“Results From Working With a Personal Trainer”

Hey Evan,

My name is Matt Guffey and I’m the owner of Victory High Performance, a personal trainer and strength coach who works with athletes and general population folks alike.. I figured I could help with your story if you still need some info!

What a client can expect varies according to myriad factors including but not limited to frequency, consistency, diet, and sleep..

I see my clients minimum twice a week to ensure that they see results, although many of my clients come four times per week so they can certainly expect to see better body composition, increased performance gains, etc. than those who come less frequently.

I used to do it once a week for some people but I found that they weren’t doing anything else outside of our time together and then it’s nearly impossible to see or feel a difference. Two times weekly allows us to hit every major movement at least once and sometimes twice. 

To make things simple…

1 month: Feel and move better. All of my clients have stated that they at the very least notice a difference in how they feel and move which is ultimately the greatest metric when it comes to fitness.

6 months: Improved body composition (provided their diet and sleep regimen is on point) and increased strength, power, lung capacity as well as decreased sub maximal heart rate and improved metabolic efficiency.

12 months: Huge improvement in strength gains. We have “gold standard” strength markers that we’re always pushing towards and I’d say after a year of consistent training they will likely have reached one or more of those goals 

Re: results with v. without a trainer.. 

With a trainer you *should* have clearly defined goals and intelligently planned programming geared toward achieving said goals, which is the major benefit qualified trainers provide.

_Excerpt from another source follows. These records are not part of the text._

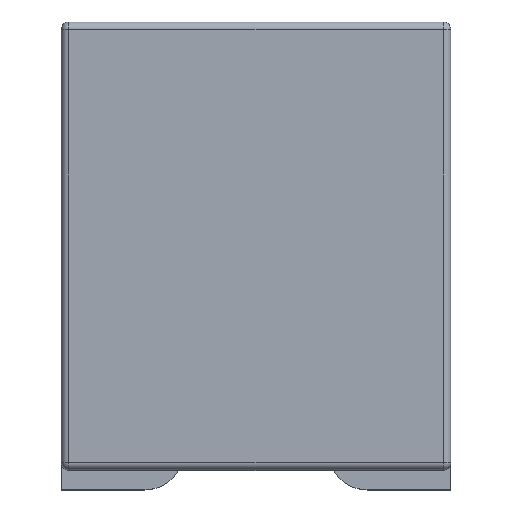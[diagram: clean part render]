
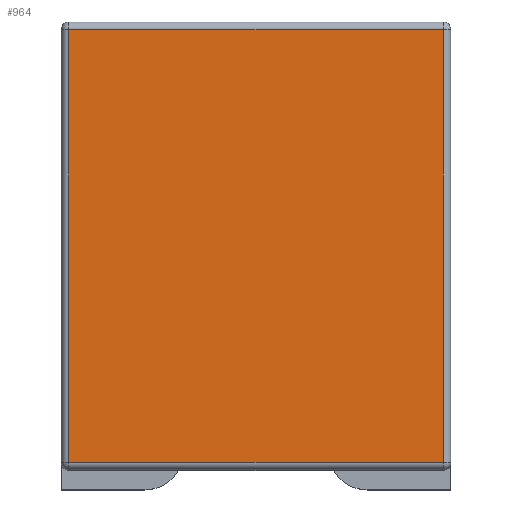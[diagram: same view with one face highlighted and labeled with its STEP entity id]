
A CAD part, top view. The second image highlights one B-rep face of the part: STEP entity #964.
In plain terms, the highlighted planar face has unit normal (0, 0, 1).
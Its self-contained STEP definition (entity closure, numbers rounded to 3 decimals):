
#36 = VERTEX_POINT ( 'NONE', #248 ) ;
#37 = LINE ( 'NONE', #439, #515 ) ;
#121 = DIRECTION ( 'NONE',  ( 0., -1., 0. ) ) ;
#160 = CARTESIAN_POINT ( 'NONE',  ( -4.8, 0.7, 3. ) ) ;
#168 = ORIENTED_EDGE ( 'NONE', *, *, #433, .T. ) ;
#171 = DIRECTION ( 'NONE',  ( -1., 0., 0. ) ) ;
#248 = CARTESIAN_POINT ( 'NONE',  ( -4.8, 11.8, 3. ) ) ;
#334 = AXIS2_PLACEMENT_3D ( 'NONE', #401, #816, #1232 ) ;
#375 = CARTESIAN_POINT ( 'NONE',  ( 5., 0.7, 3. ) ) ;
#401 = CARTESIAN_POINT ( 'NONE',  ( 0., 0., 3. ) ) ;
#433 = EDGE_CURVE ( 'NONE', #36, #1320, #631, .T. ) ;
#439 = CARTESIAN_POINT ( 'NONE',  ( 4.8, 12., 3. ) ) ;
#515 = VECTOR ( 'NONE', #857, 1000. ) ;
#527 = ORIENTED_EDGE ( 'NONE', *, *, #915, .T. ) ;
#552 = EDGE_CURVE ( 'NONE', #1320, #1061, #1303, .T. ) ;
#566 = ORIENTED_EDGE ( 'NONE', *, *, #552, .T. ) ;
#626 = CARTESIAN_POINT ( 'NONE',  ( 4.8, 0.7, 3. ) ) ;
#631 = LINE ( 'NONE', #1042, #1316 ) ;
#641 = ORIENTED_EDGE ( 'NONE', *, *, #1159, .T. ) ;
#684 = LINE ( 'NONE', #1095, #1108 ) ;
#712 = EDGE_LOOP ( 'NONE', ( #641, #527, #168, #566 ) ) ;
#783 = VECTOR ( 'NONE', #788, 1000. ) ;
#788 = DIRECTION ( 'NONE',  ( 1., 0., 0. ) ) ;
#816 = DIRECTION ( 'NONE',  ( 0., 0., 1. ) ) ;
#857 = DIRECTION ( 'NONE',  ( 0., 1., 0. ) ) ;
#878 = VERTEX_POINT ( 'NONE', #1089 ) ;
#915 = EDGE_CURVE ( 'NONE', #878, #36, #684, .T. ) ;
#918 = FACE_OUTER_BOUND ( 'NONE', #712, .T. ) ;
#964 = ADVANCED_FACE ( 'NONE', ( #918 ), #1336, .T. ) ;
#1042 = CARTESIAN_POINT ( 'NONE',  ( -4.8, 0.5, 3. ) ) ;
#1061 = VERTEX_POINT ( 'NONE', #626 ) ;
#1089 = CARTESIAN_POINT ( 'NONE',  ( 4.8, 11.8, 3. ) ) ;
#1095 = CARTESIAN_POINT ( 'NONE',  ( -5., 11.8, 3. ) ) ;
#1108 = VECTOR ( 'NONE', #171, 1000. ) ;
#1159 = EDGE_CURVE ( 'NONE', #1061, #878, #37, .T. ) ;
#1232 = DIRECTION ( 'NONE',  ( 1., 0., 0. ) ) ;
#1303 = LINE ( 'NONE', #375, #783 ) ;
#1316 = VECTOR ( 'NONE', #121, 1000. ) ;
#1320 = VERTEX_POINT ( 'NONE', #160 ) ;
#1336 = PLANE ( 'NONE',  #334 ) ;
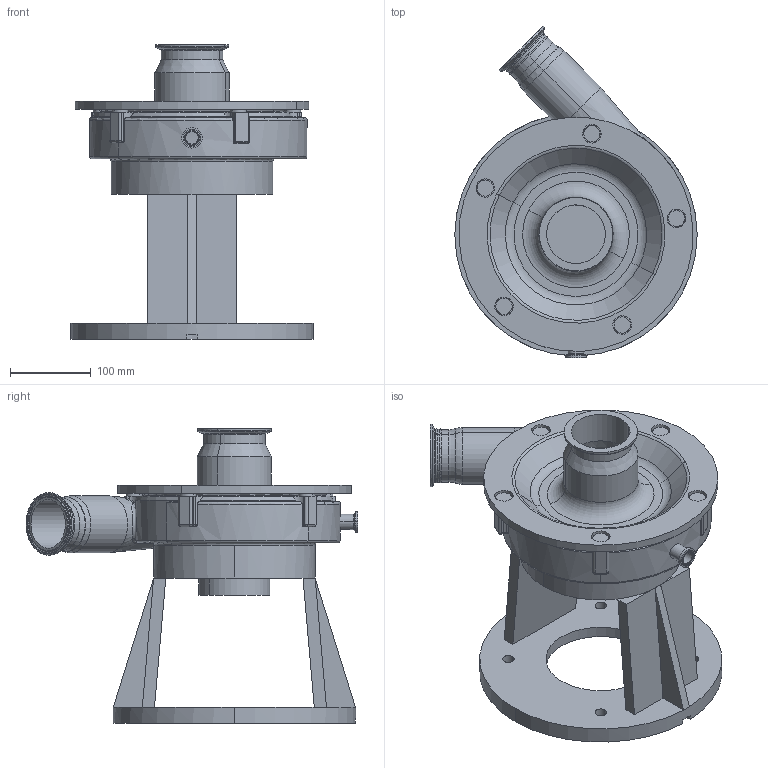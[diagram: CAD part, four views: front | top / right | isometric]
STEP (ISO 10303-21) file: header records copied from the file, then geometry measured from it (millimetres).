
FILE_DESCRIPTION (( 'STEP AP214' ), '1' );
FILE_NAME ('FPX 3541-3542 280TC 45L 3-4 In STRAIGHT DRAIN.STEP', '2022-12-19T15:29:56', ( '' ), ( '' ), 'SwSTEP 2.0', 'SolidWorks 2021', '' );
FILE_SCHEMA (( 'AUTOMOTIVE_DESIGN' ));
Length unit declared in the file: millimetre
Products named in the file (2): FPX 3541-3542 280TC 45L 3-4 In STRAIGHT DRAIN; FPX 354 280TC 45L 3-4 In STRAIGHT DRAIN^1275000096.STEP
Assembly tree (1 placements, depth 2):
  FPX 3541-3542 280TC 45L 3-4 In STRAIGHT DRAIN
    FPX 354 280TC 45L 3-4 In STRAIGHT DRAIN^1275000096.STEP
Bounding box: 300 x 410.92 x 365 mm (x, y, z)
Volume: 6262504.2 mm3; surface area: 657457.9 mm2
Topology: 1 solids, 3 shells, 373 faces, 914 edges, 548 vertices
Faces by surface type: cylinder 147, plane 83, torus 71, cone 32, bspline 29, sphere 11
Entity records: 20402 total; most frequent: CARTESIAN_POINT 11622, DIRECTION 1898, ORIENTED_EDGE 1812, EDGE_CURVE 906, AXIS2_PLACEMENT_3D 803, VERTEX_POINT 548, CIRCLE 455, EDGE_LOOP 406
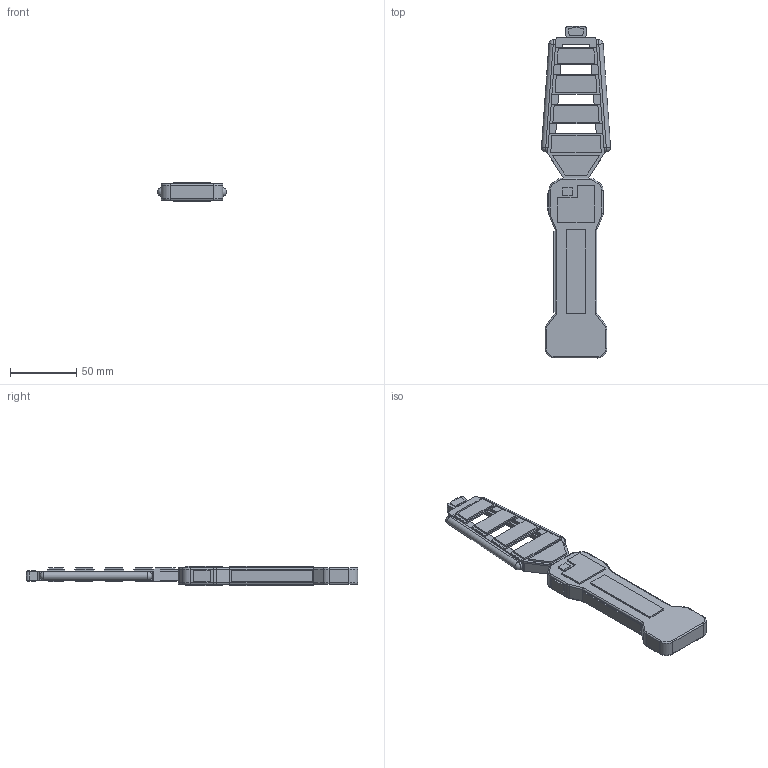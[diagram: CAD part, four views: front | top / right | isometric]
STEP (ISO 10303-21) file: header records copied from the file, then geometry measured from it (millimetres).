
FILE_DESCRIPTION(/* description */ ('STEP AP242','CAx-IF Rec.Pracs.---Representation and Presentation of Product Manufacturing Information (PMI)---4.0---2014-10-13','CAx-IF Rec.Pracs.---3D Tessellated Geometry---0.4---2014-09-14','2;1'),/* implementation_level */ '2;1');
FILE_NAME(/* name */ '689f105a60211d1ddc523bac',/* time_stamp */ '2025-08-15T10:47:56Z',/* author */ (''),/* organization */ (''),/* preprocessor_version */ 'ST-DEVELOPER v20',/* originating_system */ 'ONSHAPE BY PTC INC, 1.202',/* authorisation */ ' ');
FILE_SCHEMA (('AP242_MANAGED_MODEL_BASED_3D_ENGINEERING_MIM_LF { 1 0 10303 442 1 1 4 }'));
Length unit declared in the file: metre
Products named in the file (24): Panel 0 - Copper; Panel 3 - Copper; Panel 1 - Copper; Panel 2 - Copper; Button - White; Button Inner; Paddle - Gray; Handle - Gray; Emitter - Clear; P Panel 1 - Gray; P Panel 2 - Gray; P Panel 3 - Gray; P Panel 4 - Gray; P Panel 4 1 - Gold; P Panel 3 1 - Gold; P Panel 2 1 - Gold; P Panel 1 1 - Gold; P Panel 1 2 - Gold; P Panel 0 1 - Gold
Bounding box: 52.04 x 249.94 x 15 mm (x, y, z)
Volume: 65897.8 mm3; surface area: 52526.6 mm2
Topology: 24 solids, 24 shells, 628 faces, 1625 edges, 1052 vertices
Faces by surface type: plane 523, cylinder 81, torus 20, sphere 4
Entity records: 19440 total; most frequent: CARTESIAN_POINT 3317, ORIENTED_EDGE 3234, DIRECTION 3119, EDGE_CURVE 1617, LINE 1419, VECTOR 1419, VERTEX_POINT 1048, AXIS2_PLACEMENT_3D 850
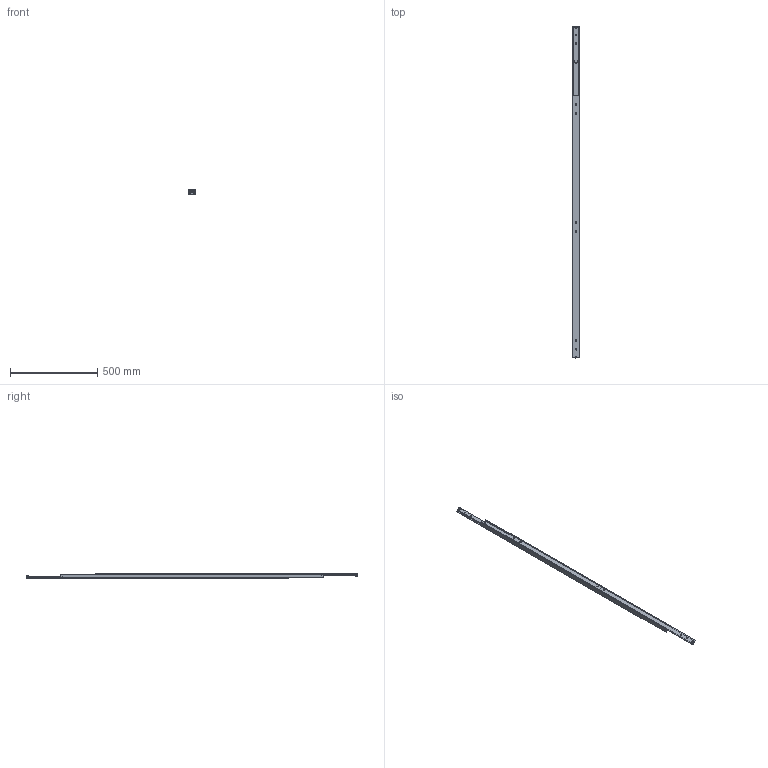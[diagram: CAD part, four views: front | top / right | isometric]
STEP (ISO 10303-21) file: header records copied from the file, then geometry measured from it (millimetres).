
FILE_DESCRIPTION((''),'2;1');
FILE_NAME('KDTS-40-1500.stp','2022-05-26T12:54:02',(''),(''),'Mechanical Desktop 2006','Mechanical Desktop 2006',', , ');
FILE_SCHEMA(('CONFIG_CONTROL_DESIGN'));
Length unit declared in the file: millimetre
Products named in the file (4): KDTS40-B; INNER BEAM; F OUTER BEAM; OUTER BEAM
Assembly tree (3 placements, depth 2):
  KDTS40-B
    INNER BEAM
    F OUTER BEAM
    OUTER BEAM
Bounding box: 40 x 1900 x 28 mm (x, y, z)
Volume: 1257181.8 mm3; surface area: 558056.1 mm2
Topology: 3 solids, 27 shells, 566 faces, 1518 edges, 946 vertices
Faces by surface type: cylinder 162, cone 148, torus 140, plane 112, bspline 4
Entity records: 18847 total; most frequent: CARTESIAN_POINT 4222, DIRECTION 3282, ORIENTED_EDGE 3012, EDGE_CURVE 1506, AXIS2_PLACEMENT_3D 1398, VERTEX_POINT 946, CIRCLE 824, EDGE_LOOP 608
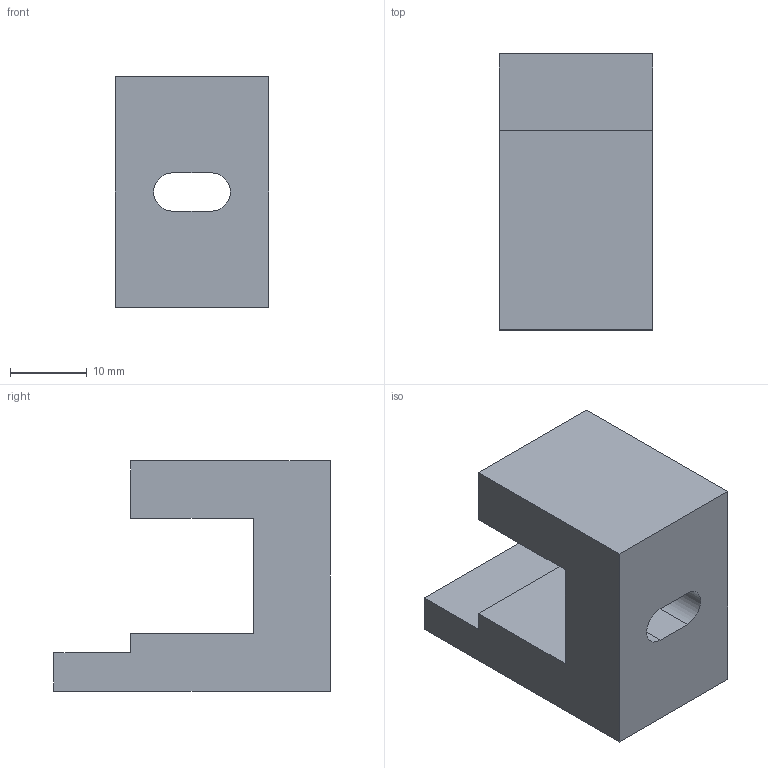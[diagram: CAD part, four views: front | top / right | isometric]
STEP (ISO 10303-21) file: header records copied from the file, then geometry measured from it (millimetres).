
FILE_DESCRIPTION (( 'STEP AP214' ), '1' );
FILE_NAME ('B513 Èíñòðóìåíò äëÿ âûðàâíèâàíèÿ ðåëüñ HGR15 è MGN15.STEP', '2025-07-02T13:29:27', ( '' ), ( '' ), 'SwSTEP 2.0', 'SolidWorks 2025', '' );
FILE_SCHEMA (( 'AUTOMOTIVE_DESIGN' ));
Length unit declared in the file: millimetre
Products named in the file (1): B513 Инструмент для выравнивания рельс HGR15 и MGN15
Bounding box: 20 x 36 x 30 mm (x, y, z)
Volume: 11353.7 mm3; surface area: 4627.8 mm2
Topology: 1 solids, 1 shells, 16 faces, 42 edges, 28 vertices
Faces by surface type: plane 14, cylinder 2
Entity records: 517 total; most frequent: CARTESIAN_POINT 87, ORIENTED_EDGE 84, DIRECTION 80, EDGE_CURVE 42, VECTOR 38, LINE 38, VERTEX_POINT 28, AXIS2_PLACEMENT_3D 21
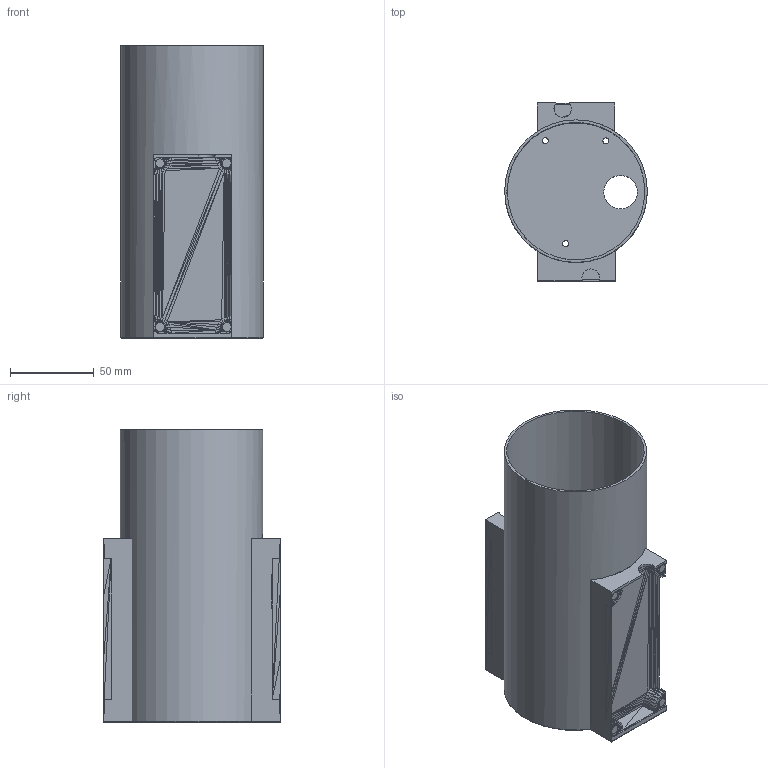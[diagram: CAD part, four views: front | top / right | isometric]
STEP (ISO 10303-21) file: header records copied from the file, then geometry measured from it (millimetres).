
FILE_DESCRIPTION(/* description */ (''),/* implementation_level */ '2;1');
FILE_NAME(/* name */ 'Case Shell.step',/* time_stamp */ '2025-11-08T10:09:12-05:00',/* author */ (''),/* organization */ (''),/* preprocessor_version */ 'ST-DEVELOPER v20.1',/* originating_system */ 'Autodesk Translation Framework v14.17.0.0',/* authorisation */ '');
FILE_SCHEMA (('AUTOMOTIVE_DESIGN { 1 0 10303 214 3 1 1 }'));
Length unit declared in the file: millimetre
Products named in the file (1): Case Shell
Bounding box: 85 x 105.97 x 174.5 mm (x, y, z)
Volume: 139337.4 mm3; surface area: 145074.4 mm2
Topology: 4 solids, 4 shells, 1227 faces, 2369 edges, 1151 vertices
Faces by surface type: plane 1206, cylinder 19, torus 1, cone 1
Full cylindrical faces by diameter (mm): 3.5 x3, 20 x1, 82 x1, 85 x1
Entity records: 28844 total; most frequent: DIRECTION 4874, CARTESIAN_POINT 4780, ORIENTED_EDGE 4738, EDGE_CURVE 2369, LINE 2308, VECTOR 2308, AXIS2_PLACEMENT_3D 1283, EDGE_LOOP 1236

I say *should* because not all trainers are created equal and I still see a lot of trainers come up with random workouts with no purpose or end goal that are simply geared toward wearing their clients out and it’s no way to train.

Without a trainer you risk overtraining certain muscle groups (often the chest, triceps and shoulders) and detraining others (most commonly the back, glutes, and hamstrings).

New clients should expect to make serious but incremental, sustainable lifestyle changes in order to see results. If they fuel properly, sleep enough, and train intelligently and frequently then there shouldn’t be any reason they can’t achieve body composition and/or performance goals!